[What you should do]
Output only the lines below that start at the line containing "The characters display" and end at the line containing "The image shows 21", with both ends kept.

[Input]

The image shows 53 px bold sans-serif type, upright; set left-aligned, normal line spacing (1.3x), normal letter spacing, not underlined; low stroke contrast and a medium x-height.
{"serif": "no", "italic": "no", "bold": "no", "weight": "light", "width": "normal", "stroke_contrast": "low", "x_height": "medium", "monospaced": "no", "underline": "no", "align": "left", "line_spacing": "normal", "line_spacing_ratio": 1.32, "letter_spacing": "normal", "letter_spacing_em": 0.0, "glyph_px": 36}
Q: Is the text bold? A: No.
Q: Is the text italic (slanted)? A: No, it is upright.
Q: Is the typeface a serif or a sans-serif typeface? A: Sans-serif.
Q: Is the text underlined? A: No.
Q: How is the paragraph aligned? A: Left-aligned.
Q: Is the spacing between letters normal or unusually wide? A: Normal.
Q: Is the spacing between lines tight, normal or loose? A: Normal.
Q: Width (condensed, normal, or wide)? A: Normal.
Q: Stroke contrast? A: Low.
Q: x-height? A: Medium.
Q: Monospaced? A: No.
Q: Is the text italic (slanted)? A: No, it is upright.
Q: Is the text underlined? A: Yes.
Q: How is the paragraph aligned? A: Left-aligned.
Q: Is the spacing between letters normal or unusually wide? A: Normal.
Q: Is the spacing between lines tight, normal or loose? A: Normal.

* * *

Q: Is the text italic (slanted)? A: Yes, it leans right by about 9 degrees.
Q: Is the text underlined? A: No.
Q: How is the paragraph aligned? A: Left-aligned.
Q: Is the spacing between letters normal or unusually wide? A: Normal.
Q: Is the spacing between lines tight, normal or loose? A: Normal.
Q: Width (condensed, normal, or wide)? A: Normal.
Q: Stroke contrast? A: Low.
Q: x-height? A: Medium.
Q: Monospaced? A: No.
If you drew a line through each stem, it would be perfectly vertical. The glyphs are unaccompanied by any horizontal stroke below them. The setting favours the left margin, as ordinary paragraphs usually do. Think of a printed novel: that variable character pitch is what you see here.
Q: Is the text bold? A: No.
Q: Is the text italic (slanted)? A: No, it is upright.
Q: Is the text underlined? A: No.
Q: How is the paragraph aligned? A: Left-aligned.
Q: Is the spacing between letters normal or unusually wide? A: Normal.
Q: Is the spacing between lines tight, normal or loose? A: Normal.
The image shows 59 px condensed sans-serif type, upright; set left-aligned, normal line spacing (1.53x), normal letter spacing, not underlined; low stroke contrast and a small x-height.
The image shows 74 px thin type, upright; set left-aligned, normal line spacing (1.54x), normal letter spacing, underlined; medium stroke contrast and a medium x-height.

--

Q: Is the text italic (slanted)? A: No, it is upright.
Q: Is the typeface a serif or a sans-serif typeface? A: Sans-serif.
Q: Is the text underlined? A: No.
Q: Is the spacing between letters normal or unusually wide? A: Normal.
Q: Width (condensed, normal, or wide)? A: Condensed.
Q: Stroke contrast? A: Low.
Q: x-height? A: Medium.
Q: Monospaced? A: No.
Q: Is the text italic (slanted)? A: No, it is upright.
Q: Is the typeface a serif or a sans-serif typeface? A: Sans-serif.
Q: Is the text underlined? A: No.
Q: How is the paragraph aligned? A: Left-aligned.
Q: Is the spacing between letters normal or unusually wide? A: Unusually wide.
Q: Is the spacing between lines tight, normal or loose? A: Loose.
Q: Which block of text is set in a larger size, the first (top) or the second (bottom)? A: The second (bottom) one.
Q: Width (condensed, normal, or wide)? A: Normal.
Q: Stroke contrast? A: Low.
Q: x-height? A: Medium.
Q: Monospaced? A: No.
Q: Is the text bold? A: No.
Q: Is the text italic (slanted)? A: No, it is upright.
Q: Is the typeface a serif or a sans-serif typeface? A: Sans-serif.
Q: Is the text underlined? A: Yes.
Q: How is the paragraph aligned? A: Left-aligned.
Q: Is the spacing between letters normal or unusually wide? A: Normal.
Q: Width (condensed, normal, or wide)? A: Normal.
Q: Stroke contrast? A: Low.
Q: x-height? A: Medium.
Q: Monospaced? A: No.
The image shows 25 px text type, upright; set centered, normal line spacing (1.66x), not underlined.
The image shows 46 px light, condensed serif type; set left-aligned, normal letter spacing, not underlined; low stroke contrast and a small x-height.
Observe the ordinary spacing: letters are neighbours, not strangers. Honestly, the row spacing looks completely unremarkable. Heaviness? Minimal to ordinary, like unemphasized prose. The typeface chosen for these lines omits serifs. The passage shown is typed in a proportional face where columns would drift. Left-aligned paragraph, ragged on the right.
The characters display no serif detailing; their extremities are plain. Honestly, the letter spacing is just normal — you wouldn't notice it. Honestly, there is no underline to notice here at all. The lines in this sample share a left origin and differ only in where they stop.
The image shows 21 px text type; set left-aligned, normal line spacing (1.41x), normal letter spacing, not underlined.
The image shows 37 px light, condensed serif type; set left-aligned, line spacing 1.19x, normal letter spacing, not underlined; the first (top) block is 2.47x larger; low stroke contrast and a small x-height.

[Answer to the exercise]
The characters display no serif detailing; their extremities are plain. Honestly, the letter spacing is just normal — you wouldn't notice it. Honestly, there is no underline to notice here at all. The lines in this sample share a left origin and differ only in where they stop.
The image shows 21 px text type; set left-aligned, normal line spacing (1.41x), normal letter spacing, not underlined.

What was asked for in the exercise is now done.